Dinas Pendidikan (Disdik) Kota Palangka Raya, Kalimantan Tengah, menggencarkan sosialisasi program Wajib Belajar Satu Tahun Prasekolah untuk memperkuat fondasi pendidikan anak sebelum masuk jenjang dasar. Kegiatan yang berlangsung di Posyandu Pondok Sultan pada Jumat (21/8) tersebut diikuti oleh 10 kader posyandu dan 42 orang tua. Program ini menegaskan bahwa pendidikan anak usia dini (PAUD) bukan lagi sekadar pilihan, melainkan kewajiban yang harus dipenuhi.
PALANGKA RAYA — Puluhan orang tua dan kader posyandu di Posyandu Pondok Sultan mendapat pemahaman baru tentang pentingnya pendidikan prasekolah. Mereka adalah peserta sosialisasi Wajib Belajar Satu Tahun Prasekolah yang digagas Dinas Pendidikan (Disdik) Kota Palangka Raya bersama lintas sektor terkait.
Sekretaris Disdik Kota Palangka Raya, Aprae Vico Ranan, menegaskan bahwa program ini dirancang untuk memastikan anak usia dini mendapatkan akses pendidikan yang menjadi fondasi tumbuh kembang dan pembentukan karakter. "PAUD wajib bukan pilihan," ujarnya di Palangka Raya, Senin.
Sinergi Lintas Sektor untuk Perkuat PAUD
Sosialisasi ini tidak berjalan sendiri. Disdik menggandeng Dinas Pemberdayaan Perempuan, Perlindungan Anak, Pengendalian Penduduk dan Keluarga Berencana (DP3APPKB), Dinas Kesehatan, Bunda PAUD, Pokja Bunda PAUD, serta Tim PKK.
Menurut Vico, keterlibatan banyak pihak menjadi kunci agar program ini dipahami dan dijalankan bersama-sama, terutama oleh orang tua yang memiliki anak usia dini. "Sosialisasi ini bukan hanya menjadi tanggung jawab Disdik, tetapi membutuhkan dukungan seluruh pihak, termasuk kader posyandu, orang tua, Bunda PAUD, PKK dan perangkat daerah terkait," bebernya.

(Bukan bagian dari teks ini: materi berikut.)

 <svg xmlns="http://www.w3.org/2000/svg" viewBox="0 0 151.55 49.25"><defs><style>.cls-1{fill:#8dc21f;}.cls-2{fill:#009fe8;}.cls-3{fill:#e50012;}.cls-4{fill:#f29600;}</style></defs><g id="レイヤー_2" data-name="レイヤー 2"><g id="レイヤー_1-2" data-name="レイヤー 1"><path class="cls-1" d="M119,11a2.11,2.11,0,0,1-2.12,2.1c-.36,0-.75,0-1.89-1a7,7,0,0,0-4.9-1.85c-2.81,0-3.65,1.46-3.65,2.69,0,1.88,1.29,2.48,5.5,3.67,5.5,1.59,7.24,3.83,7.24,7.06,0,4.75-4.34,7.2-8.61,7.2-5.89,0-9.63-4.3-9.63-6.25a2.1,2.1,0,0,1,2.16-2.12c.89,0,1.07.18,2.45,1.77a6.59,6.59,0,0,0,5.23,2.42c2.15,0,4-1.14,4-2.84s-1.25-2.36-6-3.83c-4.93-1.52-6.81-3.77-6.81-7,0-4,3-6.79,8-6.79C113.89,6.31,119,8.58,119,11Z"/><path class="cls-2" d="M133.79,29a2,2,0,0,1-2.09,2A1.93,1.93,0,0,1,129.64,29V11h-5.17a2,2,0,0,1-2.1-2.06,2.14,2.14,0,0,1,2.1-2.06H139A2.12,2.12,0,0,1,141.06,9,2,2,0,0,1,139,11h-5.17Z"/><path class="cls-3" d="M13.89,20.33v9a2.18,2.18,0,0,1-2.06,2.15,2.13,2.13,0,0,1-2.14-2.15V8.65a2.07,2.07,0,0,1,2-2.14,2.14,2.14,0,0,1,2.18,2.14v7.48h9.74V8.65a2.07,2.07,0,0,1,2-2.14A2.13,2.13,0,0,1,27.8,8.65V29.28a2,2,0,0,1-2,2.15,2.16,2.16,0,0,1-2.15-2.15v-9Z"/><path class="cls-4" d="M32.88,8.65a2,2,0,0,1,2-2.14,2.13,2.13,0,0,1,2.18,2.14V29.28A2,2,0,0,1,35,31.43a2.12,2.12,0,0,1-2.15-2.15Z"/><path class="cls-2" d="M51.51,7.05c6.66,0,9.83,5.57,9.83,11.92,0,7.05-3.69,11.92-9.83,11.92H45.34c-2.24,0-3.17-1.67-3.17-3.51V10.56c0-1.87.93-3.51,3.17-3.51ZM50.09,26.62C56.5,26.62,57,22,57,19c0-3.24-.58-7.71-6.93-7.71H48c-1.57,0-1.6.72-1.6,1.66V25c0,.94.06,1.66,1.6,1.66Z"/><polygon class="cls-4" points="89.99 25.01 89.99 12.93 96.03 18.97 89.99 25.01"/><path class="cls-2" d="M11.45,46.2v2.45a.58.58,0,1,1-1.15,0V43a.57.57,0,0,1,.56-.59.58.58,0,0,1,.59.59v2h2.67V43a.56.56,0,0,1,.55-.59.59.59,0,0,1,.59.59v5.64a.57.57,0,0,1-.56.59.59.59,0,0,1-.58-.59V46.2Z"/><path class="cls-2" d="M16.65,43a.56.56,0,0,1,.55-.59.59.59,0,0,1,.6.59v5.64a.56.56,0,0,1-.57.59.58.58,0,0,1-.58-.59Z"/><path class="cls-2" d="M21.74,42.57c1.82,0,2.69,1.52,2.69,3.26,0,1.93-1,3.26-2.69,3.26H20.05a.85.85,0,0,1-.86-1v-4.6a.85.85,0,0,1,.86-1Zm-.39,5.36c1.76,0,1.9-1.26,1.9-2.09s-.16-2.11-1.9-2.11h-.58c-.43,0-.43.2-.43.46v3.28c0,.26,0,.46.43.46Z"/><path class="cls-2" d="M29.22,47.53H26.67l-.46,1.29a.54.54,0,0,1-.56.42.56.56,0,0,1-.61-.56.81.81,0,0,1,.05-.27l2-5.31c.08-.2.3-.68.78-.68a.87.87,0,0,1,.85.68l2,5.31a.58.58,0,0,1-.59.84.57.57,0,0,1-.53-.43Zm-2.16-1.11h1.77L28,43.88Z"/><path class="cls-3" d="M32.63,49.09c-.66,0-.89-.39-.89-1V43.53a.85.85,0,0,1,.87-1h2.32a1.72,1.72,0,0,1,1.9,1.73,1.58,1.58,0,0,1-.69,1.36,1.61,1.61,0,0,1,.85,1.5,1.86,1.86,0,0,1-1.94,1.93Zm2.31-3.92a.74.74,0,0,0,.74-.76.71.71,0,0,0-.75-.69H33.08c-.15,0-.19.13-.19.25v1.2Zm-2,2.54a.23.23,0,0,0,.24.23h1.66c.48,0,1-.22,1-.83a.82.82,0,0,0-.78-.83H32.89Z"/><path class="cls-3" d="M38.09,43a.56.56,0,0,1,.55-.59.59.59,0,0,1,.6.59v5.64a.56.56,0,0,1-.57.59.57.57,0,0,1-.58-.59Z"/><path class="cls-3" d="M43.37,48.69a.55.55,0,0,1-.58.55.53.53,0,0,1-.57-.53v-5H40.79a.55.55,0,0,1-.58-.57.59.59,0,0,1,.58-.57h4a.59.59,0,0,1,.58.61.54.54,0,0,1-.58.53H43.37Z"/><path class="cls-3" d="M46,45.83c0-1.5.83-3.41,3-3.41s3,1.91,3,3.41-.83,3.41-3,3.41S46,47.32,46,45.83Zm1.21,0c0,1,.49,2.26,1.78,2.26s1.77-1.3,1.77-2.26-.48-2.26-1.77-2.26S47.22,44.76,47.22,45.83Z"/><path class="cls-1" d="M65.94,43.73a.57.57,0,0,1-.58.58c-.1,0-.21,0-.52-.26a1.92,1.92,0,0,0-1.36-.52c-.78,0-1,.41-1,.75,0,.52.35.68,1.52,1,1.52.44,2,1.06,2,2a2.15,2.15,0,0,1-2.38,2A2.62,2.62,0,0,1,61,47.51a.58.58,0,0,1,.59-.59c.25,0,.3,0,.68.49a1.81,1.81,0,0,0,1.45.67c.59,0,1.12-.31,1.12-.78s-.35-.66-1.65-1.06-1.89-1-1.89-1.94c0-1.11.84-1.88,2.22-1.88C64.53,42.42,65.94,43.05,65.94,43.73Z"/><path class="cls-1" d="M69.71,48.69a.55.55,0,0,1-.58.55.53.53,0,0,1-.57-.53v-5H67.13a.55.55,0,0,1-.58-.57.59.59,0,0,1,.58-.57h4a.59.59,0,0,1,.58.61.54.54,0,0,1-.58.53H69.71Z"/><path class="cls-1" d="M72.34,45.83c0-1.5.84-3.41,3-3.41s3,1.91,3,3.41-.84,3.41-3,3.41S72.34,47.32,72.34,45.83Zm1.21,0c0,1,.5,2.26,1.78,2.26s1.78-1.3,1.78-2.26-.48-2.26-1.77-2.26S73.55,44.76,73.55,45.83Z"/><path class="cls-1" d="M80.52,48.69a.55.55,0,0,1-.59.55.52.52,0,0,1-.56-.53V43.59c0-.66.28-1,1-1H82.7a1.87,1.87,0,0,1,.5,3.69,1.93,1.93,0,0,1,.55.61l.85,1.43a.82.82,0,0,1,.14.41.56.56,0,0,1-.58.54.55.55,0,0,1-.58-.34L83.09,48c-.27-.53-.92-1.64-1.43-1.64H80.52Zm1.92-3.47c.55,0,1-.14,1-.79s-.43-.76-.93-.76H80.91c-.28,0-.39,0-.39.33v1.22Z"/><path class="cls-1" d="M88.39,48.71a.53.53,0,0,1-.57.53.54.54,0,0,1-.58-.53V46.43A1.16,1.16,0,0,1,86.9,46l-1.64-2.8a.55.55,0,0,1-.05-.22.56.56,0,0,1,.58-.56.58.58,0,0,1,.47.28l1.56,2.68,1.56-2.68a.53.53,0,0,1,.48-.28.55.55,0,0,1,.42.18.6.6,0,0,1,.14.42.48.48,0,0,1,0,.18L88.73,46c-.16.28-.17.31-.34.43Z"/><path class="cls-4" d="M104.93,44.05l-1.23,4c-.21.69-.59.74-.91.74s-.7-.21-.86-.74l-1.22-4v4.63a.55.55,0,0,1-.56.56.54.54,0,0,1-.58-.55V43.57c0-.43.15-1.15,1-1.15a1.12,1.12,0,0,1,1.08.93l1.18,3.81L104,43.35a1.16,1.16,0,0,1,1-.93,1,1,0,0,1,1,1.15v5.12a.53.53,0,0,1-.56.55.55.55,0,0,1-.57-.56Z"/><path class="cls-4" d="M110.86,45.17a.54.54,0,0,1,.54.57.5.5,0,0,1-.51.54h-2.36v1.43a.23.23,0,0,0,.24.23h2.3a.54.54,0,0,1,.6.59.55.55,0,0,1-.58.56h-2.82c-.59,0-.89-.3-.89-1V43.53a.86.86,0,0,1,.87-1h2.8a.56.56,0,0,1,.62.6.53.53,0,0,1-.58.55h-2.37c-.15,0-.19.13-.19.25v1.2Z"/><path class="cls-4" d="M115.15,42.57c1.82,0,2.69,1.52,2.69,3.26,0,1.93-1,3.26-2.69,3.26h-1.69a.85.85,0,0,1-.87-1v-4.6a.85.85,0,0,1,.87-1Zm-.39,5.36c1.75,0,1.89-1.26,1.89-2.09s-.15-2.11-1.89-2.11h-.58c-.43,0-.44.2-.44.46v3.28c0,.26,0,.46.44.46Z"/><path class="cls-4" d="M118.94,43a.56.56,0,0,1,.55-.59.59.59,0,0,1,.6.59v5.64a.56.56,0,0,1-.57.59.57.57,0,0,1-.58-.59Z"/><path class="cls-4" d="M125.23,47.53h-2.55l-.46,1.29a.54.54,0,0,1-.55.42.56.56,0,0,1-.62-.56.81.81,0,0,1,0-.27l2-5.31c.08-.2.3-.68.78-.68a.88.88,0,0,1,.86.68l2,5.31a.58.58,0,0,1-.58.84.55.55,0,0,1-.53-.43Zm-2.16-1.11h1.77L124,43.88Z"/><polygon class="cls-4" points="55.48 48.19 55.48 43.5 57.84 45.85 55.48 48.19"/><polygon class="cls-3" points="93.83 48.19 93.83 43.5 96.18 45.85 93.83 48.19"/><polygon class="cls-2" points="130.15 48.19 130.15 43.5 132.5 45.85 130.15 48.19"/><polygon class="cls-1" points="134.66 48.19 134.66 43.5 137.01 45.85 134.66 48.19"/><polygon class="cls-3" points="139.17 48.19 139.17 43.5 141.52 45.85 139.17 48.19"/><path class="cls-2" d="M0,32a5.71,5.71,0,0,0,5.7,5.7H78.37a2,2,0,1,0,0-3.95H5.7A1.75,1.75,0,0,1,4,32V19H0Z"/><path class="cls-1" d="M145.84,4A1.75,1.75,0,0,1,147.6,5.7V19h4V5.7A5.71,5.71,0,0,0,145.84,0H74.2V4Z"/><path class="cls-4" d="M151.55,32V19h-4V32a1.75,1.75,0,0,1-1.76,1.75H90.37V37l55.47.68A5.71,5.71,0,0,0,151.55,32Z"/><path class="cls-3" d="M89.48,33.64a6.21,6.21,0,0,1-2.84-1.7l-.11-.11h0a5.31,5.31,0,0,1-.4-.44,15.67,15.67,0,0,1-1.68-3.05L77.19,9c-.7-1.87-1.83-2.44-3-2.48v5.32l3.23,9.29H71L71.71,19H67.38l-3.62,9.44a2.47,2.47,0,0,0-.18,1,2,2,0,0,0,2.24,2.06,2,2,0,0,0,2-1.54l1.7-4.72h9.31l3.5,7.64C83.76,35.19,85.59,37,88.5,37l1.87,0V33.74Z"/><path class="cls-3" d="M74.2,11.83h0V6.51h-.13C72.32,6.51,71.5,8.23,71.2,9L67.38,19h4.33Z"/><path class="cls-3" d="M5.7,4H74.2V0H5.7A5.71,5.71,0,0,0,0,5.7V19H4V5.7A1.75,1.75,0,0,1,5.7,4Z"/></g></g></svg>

Membangun Kesadaran Orang Tua Melalui Posyandu
Pemilihan Posyandu Pondok Sultan sebagai lokasi sosialisasi bukan tanpa alasan. Posyandu menjadi titik temu paling dekat dengan orang tua dan anak, sehingga pesan tentang pentingnya PAUD diharapkan lebih mudah tersampaikan.
Para peserta mendapatkan materi mengenai bagaimana pendidikan prasekolah mempersiapkan anak dari aspek pengetahuan, sosial, emosional, hingga pembentukan karakter. Materi ini diharapkan mengubah pandangan bahwa PAUD hanyalah tempat penitipan anak.
"Harapannya tidak ada lagi anggapan bahwa PAUD hanya pilihan. Ini merupakan langkah awal untuk menyiapkan generasi yang cerdas, sehat, mandiri dan berkarakter," tegas Vico.
Target Jangkauan Sosialisasi yang Lebih Luas
Kegiatan di Posyandu Pondok Sultan baru merupakan bagian dari rangkaian sosialisasi yang lebih besar. Pemkot Palangka Raya menargetkan pesan wajib belajar satu tahun prasekolah dapat menjangkau lebih banyak masyarakat di berbagai kelurahan.
Langkah ini menjadi bukti nyata kolaborasi antara pemerintah, masyarakat, kader posyandu, dan keluarga dalam memperkuat fondasi pendidikan anak usia dini di ibu kota Provinsi Kalimantan Tengah tersebut. Ke depan, skema serupa akan terus digencarkan hingga kesadaran orang tua terhadap pentingnya PAUD meningkat merata.